Entries taken from a collection:
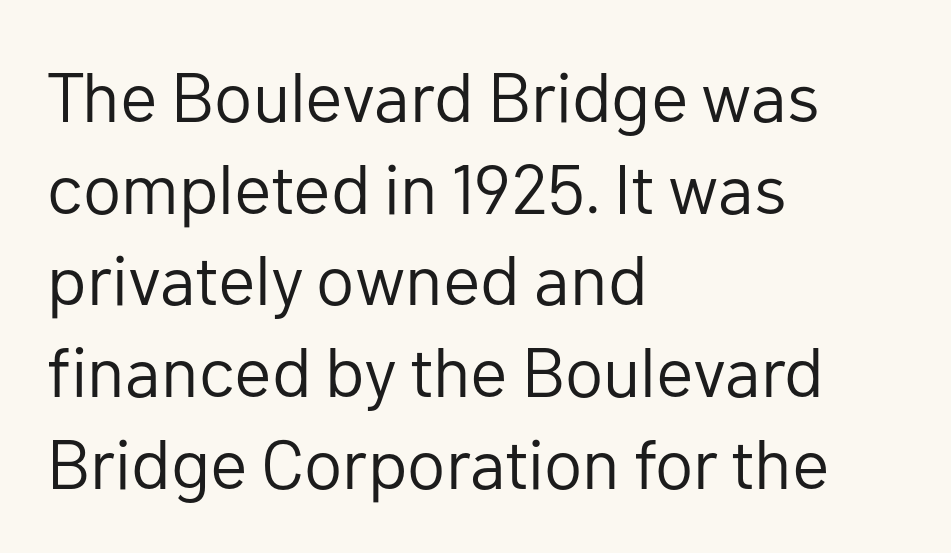
The image shows 70 px regular-weight sans-serif type, upright; set left-aligned, normal line spacing (1.31x), normal letter spacing, not underlined; low stroke contrast and a medium x-height.
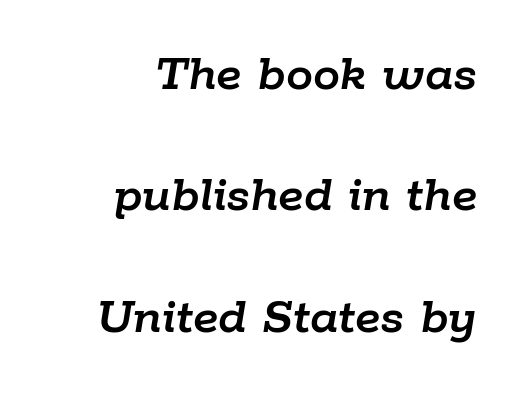
{"italic": "yes", "lean": "right", "slant_degrees": 9, "width": "normal", "stroke_contrast": "low", "x_height": "medium", "monospaced": "no", "underline": "no", "align": "right", "line_spacing": "loose", "line_spacing_ratio": 2.25, "letter_spacing": "normal", "letter_spacing_em": 0.0, "glyph_px": 54}
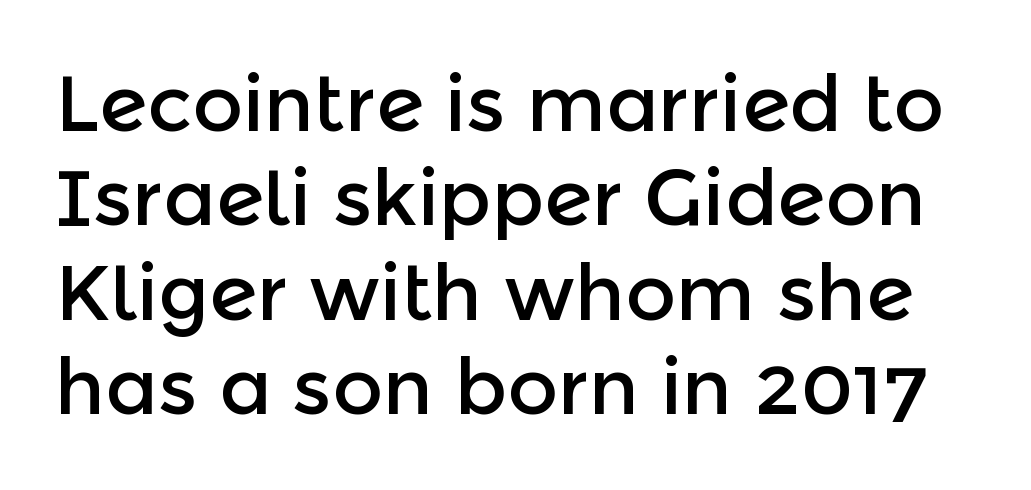
The letters stand straight up with perfectly vertical stems. The horizontal fit of the characters is conventional and even. The space beneath each line is pristine and unruled. Spacing verdict: proportional, widths tailored to each character. You can tell from the bare stems that sans-serif type was used.
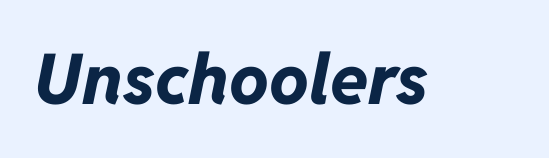
Q: Is the text bold? A: Yes.
Q: Is the text italic (slanted)? A: Yes, it leans right by about 11 degrees.
Q: Is the text underlined? A: No.
Q: Is the spacing between letters normal or unusually wide? A: Normal.
Q: Width (condensed, normal, or wide)? A: Normal.
Q: Stroke contrast? A: Low.
Q: x-height? A: Medium.
Q: Monospaced? A: No.

WHAT THE TASK ASKS:
Set down exactly the lines of the data above, beginning with the line that has "Q: Is the text italic" and ending with the line that has "Q: x-height? A: Medium.", and no others.

RESULT BELOW:
Q: Is the text italic (slanted)? A: Yes, it leans right by about 11 degrees.
Q: Is the text underlined? A: No.
Q: Is the spacing between letters normal or unusually wide? A: Normal.
Q: Width (condensed, normal, or wide)? A: Normal.
Q: Stroke contrast? A: Low.
Q: x-height? A: Medium.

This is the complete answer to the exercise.